Importantly, familial testing in this study also identified 33 not-at-risk relatives, thereby providing reassurance that they could safely discontinue ongoing cardiac monitoring and spare their children cardiac screening and genetic assessment.9 Nonetheless, Dr. Ware cautions that family histories are dynamic, and the indications for testing affected family members change as other relatives are diagnosed with HCM. Consequently, it is essential to address family history at each clinic visit and update screening recommendations accordingly. Genetic counselors can help collect family medical information and appropriately adjust screening recommendations.

Ongoing cardiac surveillance can be discontinued only when the specific genetic cause of HCM in the family is identified and the at-risk relative does not have the mutation.

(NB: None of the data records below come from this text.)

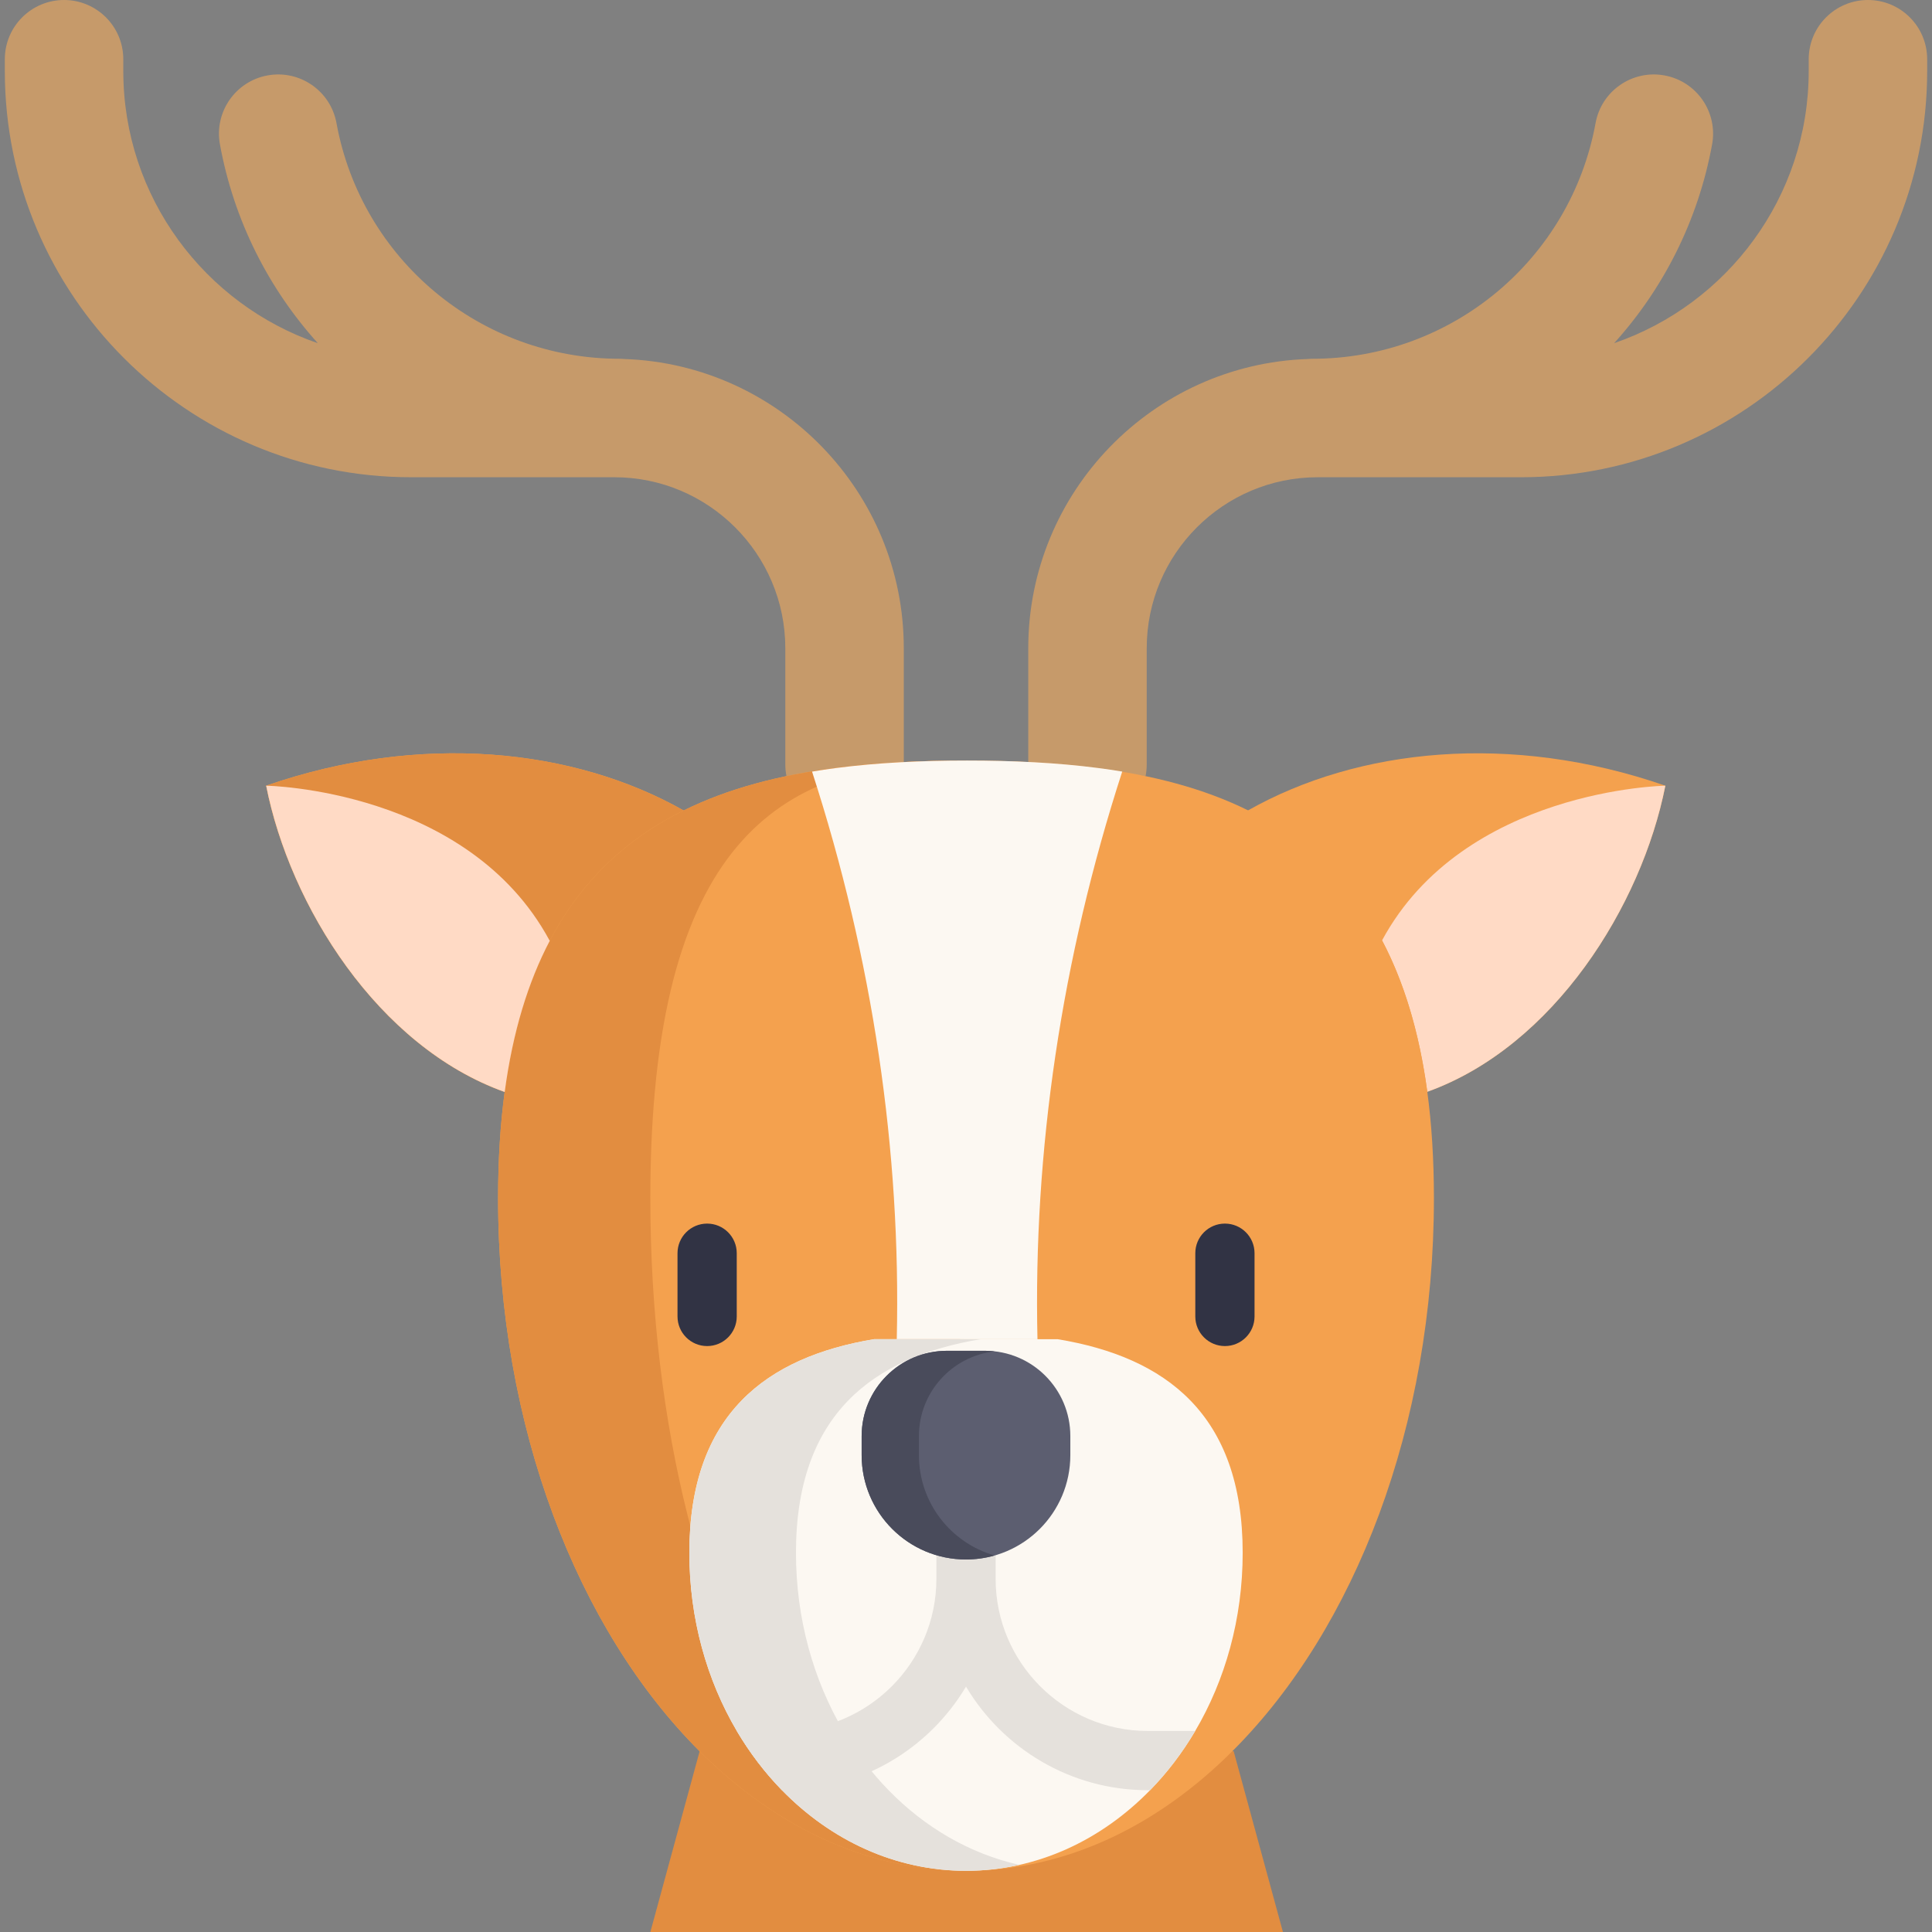 <?xml version="1.0" encoding="iso-8859-1"?>
<!-- Generator: Adobe Illustrator 19.0.0, SVG Export Plug-In . SVG Version: 6.00 Build 0)  -->
<svg version="1.1" id="Capa_1" xmlns="http://www.w3.org/2000/svg" xmlns:xlink="http://www.w3.org/1999/xlink" x="0px" y="0px"
	 viewBox="0 0 512 512" style="enable-background:new 0 0 512 512;" xml:space="preserve">
<rect x="0" y="0" width="512" height="512" fill="#808080" stroke="none"/>
<polyline style="fill:#E28D40;" points="339.993,512 326.934,464.097 185.412,464.097 172.353,512 "/>
<path style="fill:#F4A14E;" d="M441.335,208.214c-6.29,31.804-29.544,69.082-63.085,81.117c-0.042,0.031-0.084,0.042-0.126,0.052
	H133.747c-33.615-12.014-56.911-49.323-63.211-81.17c40.941-14.181,81.452-9.942,110.64,6.572c0.063,0.031,0.126,0.073,0.188,0.105
	h149.153c0.084-0.042,0.157-0.094,0.241-0.136C359.945,198.251,400.436,194.044,441.335,208.214z"/>
<path style="fill:#E28D40;" d="M216.308,214.891v74.493h-82.561c-33.615-12.014-56.911-49.323-63.211-81.17
	c40.941-14.181,81.452-9.942,110.64,6.572c0.063,0.031,0.126,0.073,0.188,0.105L216.308,214.891L216.308,214.891z"/>
<path style="fill:#FFDAC5;" d="M441.337,208.218c-6.29,31.804-29.544,69.082-63.085,81.117
	c-2.166-16.043-6.269-29.261-11.993-40.124C387.942,209.055,441.337,208.218,441.337,208.218z"/>
<g>
	<path style="fill:#C69A6A;" d="M239.512,201.94v-30.151c0-41.412-32.987-75.246-74.063-76.648
		c-0.419-0.031-0.837-0.063-1.256-0.063c-36.859,0-68.412-26.268-75.026-62.468c-1.559-8.529-9.743-14.181-18.262-12.621
		c-8.529,1.559-14.181,9.733-12.621,18.262c3.694,20.251,12.935,38.282,25.954,52.704C54.275,80.667,32.674,52.222,32.674,18.817
		v-3.119C32.674,7.033,25.641,0,16.976,0S1.278,7.033,1.278,15.698v3.119c0,59.36,48.298,107.657,107.657,107.657h53.865
		c24.981,0,45.315,20.324,45.315,45.315v30.768c0,1.067,0.105,2.124,0.303,3.129"/>
	<path style="fill:#C69A6A;" d="M303.591,205.687c0.199-1.005,0.303-2.062,0.303-3.129v-30.768
		c0-24.991,20.324-45.315,45.305-45.315h53.865c59.36,0,107.657-48.298,107.657-107.657v-3.119C510.722,7.033,503.7,0,495.024,0
		c-8.665,0-15.698,7.033-15.698,15.698v3.119c0,33.406-21.601,61.84-51.563,72.127c13.019-14.411,22.26-32.443,25.965-52.693
		c1.559-8.529-4.092-16.703-12.621-18.262c-8.529-1.559-16.713,4.092-18.262,12.621c-6.625,36.2-38.178,62.468-75.037,62.468
		c-0.419,0-0.837,0.031-1.256,0.063c-41.066,1.402-74.053,35.237-74.053,76.648v30.161"/>
</g>
<path style="fill:#F4A14E;" d="M185.412,464.097c-32.27-32.197-53.411-85.853-53.411-146.614c0-10.22,0.601-19.559,1.742-28.099
	c5.374-40,22.822-62.442,47.435-74.601c11.877-5.877,25.411-9.35,40.086-11.251c11.018-1.436,22.675-1.976,34.737-1.976
	c12.061,0,23.718,0.54,34.737,1.976c14.65,1.902,28.172,5.362,40.025,11.227c24.638,12.135,42.098,34.577,47.485,74.577
	c1.153,8.552,1.755,17.915,1.755,28.148c0,60.54-20.982,114.025-53.068,146.258c-20.098,20.196-44.565,32.037-70.932,32.037
	C229.781,495.778,205.449,484.072,185.412,464.097z"/>
<path style="fill:#E28D40;" d="M255.995,495.778c-26.216,0-50.548-11.7-70.589-31.679c-32.265-32.202-53.405-85.858-53.405-146.62
	c0-10.214,0.597-19.549,1.737-28.1c5.379-39.999,22.825-62.436,47.44-74.597c11.878-5.871,25.41-9.346,40.082-11.25
	c11.02-1.434,22.678-1.978,34.735-1.978c-8.132,0-16.002,0.544-23.432,1.978c-9.9,1.905-19.026,5.379-27.043,11.25
	c-16.598,12.161-28.372,34.599-31.993,74.597c-0.774,8.55-1.183,17.885-1.183,28.1c0,60.762,14.264,114.418,36.032,146.62
	C221.899,484.077,238.308,495.778,255.995,495.778z"/>
<path style="fill:#FCF8F2;" d="M274.941,354.903l-37.288-0.01c1.141-49.868-6.342-100.729-22.448-150.408
	c2.093-0.366,4.218-0.67,6.363-0.952c11.02-1.434,22.678-1.978,34.735-1.978c12.067,0,23.715,0.544,34.735,1.978
	c2.145,0.283,4.27,0.586,6.363,0.942C281.294,254.153,273.801,305.036,274.941,354.903z"/>
<path style="fill:#FFDAC5;" d="M145.627,249.222l0.084,0.052c-5.714,10.863-9.817,24.081-11.962,40.114
	c-33.615-12.014-56.911-49.323-63.211-81.17C70.538,208.218,123.953,209.055,145.627,249.222z"/>
<path style="fill:#FCF8F2;" d="M329.324,411.504c0,17.498-4.636,33.751-12.579,47.22c-3.412,5.787-7.43,11.062-11.962,15.698
	c-12.967,13.291-30.046,21.36-48.779,21.36c-18.723,0-35.813-8.069-48.779-21.36c-4.521-4.636-8.54-9.911-11.962-15.698
	c-7.943-13.469-12.579-29.722-12.579-47.22c0-36.744,20.46-51.866,48.999-56.618l48.633,0.021h0.01
	C308.864,359.638,329.324,374.76,329.324,411.504z"/>
<path style="fill:#E5E1DC;" d="M235.481,474.422c-4.521-4.636-8.54-9.911-11.962-15.698c-7.943-13.469-12.579-29.722-12.579-47.22
	c0-36.715,20.428-51.841,48.931-56.605l-28.188-0.013c-28.539,4.751-48.999,19.874-48.999,56.618
	c0,17.498,4.636,33.751,12.579,47.22c3.422,5.787,7.441,11.062,11.962,15.698c12.967,13.291,30.057,21.36,48.779,21.36
	c4.835,0,9.558-0.547,14.13-1.574C256.992,491.259,245.1,484.282,235.481,474.422z"/>
<g>
	<path style="fill:#313344;" d="M324.617,356.722c-4.336,0-7.849-3.514-7.849-7.849v-16.759c0-4.335,3.513-7.849,7.849-7.849
		s7.849,3.514,7.849,7.849v16.759C332.466,353.208,328.952,356.722,324.617,356.722z"/>
	<path style="fill:#313344;" d="M187.397,356.722c-4.336,0-7.849-3.514-7.849-7.849v-16.759c0-4.335,3.513-7.849,7.849-7.849
		s7.849,3.514,7.849,7.849v16.759C195.246,353.208,191.733,356.722,187.397,356.722z"/>
</g>
<path style="fill:#E5E1DC;" d="M316.744,458.724c-3.412,5.787-7.43,11.062-11.962,15.698h-0.607
	c-20.46,0-38.397-11.031-48.172-27.451c-9.785,16.42-27.712,27.451-48.183,27.451h-0.597c-4.521-4.636-8.54-9.911-11.962-15.698
	h12.558c22.239,0,40.334-18.095,40.334-40.323V402.19c0-4.333,3.516-7.849,7.849-7.849s7.849,3.516,7.849,7.849v16.211
	c0,22.228,18.084,40.323,40.323,40.323H316.744z"/>
<path style="fill:#5C5E70;" d="M255.997,413.28L255.997,413.28c-15.272,0-27.653-12.381-27.653-27.653v-5.05
	c0-12.483,10.12-22.603,22.603-22.603h10.099c12.483,0,22.603,10.12,22.603,22.603v5.05
	C283.65,400.901,271.269,413.28,255.997,413.28z"/>
<path style="fill:#494B5B;" d="M243.526,385.628v-5.05c0-11.623,8.776-21.187,20.062-22.451c-0.835-0.093-1.681-0.152-2.541-0.152
	h-10.099c-12.483,0-22.603,10.12-22.603,22.603v5.05c0,15.272,12.381,27.653,27.653,27.653l0,0c2.633,0,5.177-0.376,7.591-1.063
	C252.007,408.917,243.526,398.266,243.526,385.628z"/>
<g>
</g>
<g>
</g>
<g>
</g>
<g>
</g>
<g>
</g>
<g>
</g>
<g>
</g>
<g>
</g>
<g>
</g>
<g>
</g>
<g>
</g>
<g>
</g>
<g>
</g>
<g>
</g>
<g>
</g>
</svg>

Because the two siblings who are HCM mutation-positive have a 90 percent chance of developing the disease at some point in their lives, ongoing cardiac surveillance by echocardiography is recommended, with annual screening during puberty. The father undergoes cardiopulmonary stress testing, begins beta-blocker therapy, and will be followed by a cardiologist.


In children with HCM, outcomes primarily depend on cause and age. Children who present before one year of age have the broadest spectrum of causes and the poorest outcomes,10 primarily attributable to the high incidence of inborn errors of metabolism and neuromuscular disease in this patient population.4 Mortality among those diagnosed after infancy is comparable to that for adults. Results from an Australian population-based study of 80 children aged zero to 10 years at diagnosis showed that 83 and 76 percent were alive and had not undergone transplantation five and 10 years after presentation, respectively, and that familial HCM was predictive of survival.11

“HCM can profoundly affect an individual’s quality of life, ” Dr. Ware concludes. “A multidisciplinary approach to diagnosis and management that involves cardiovascular genetics and pediatric cardiology is key to alleviating symptoms and lowering the risk of sudden life-threatening events.”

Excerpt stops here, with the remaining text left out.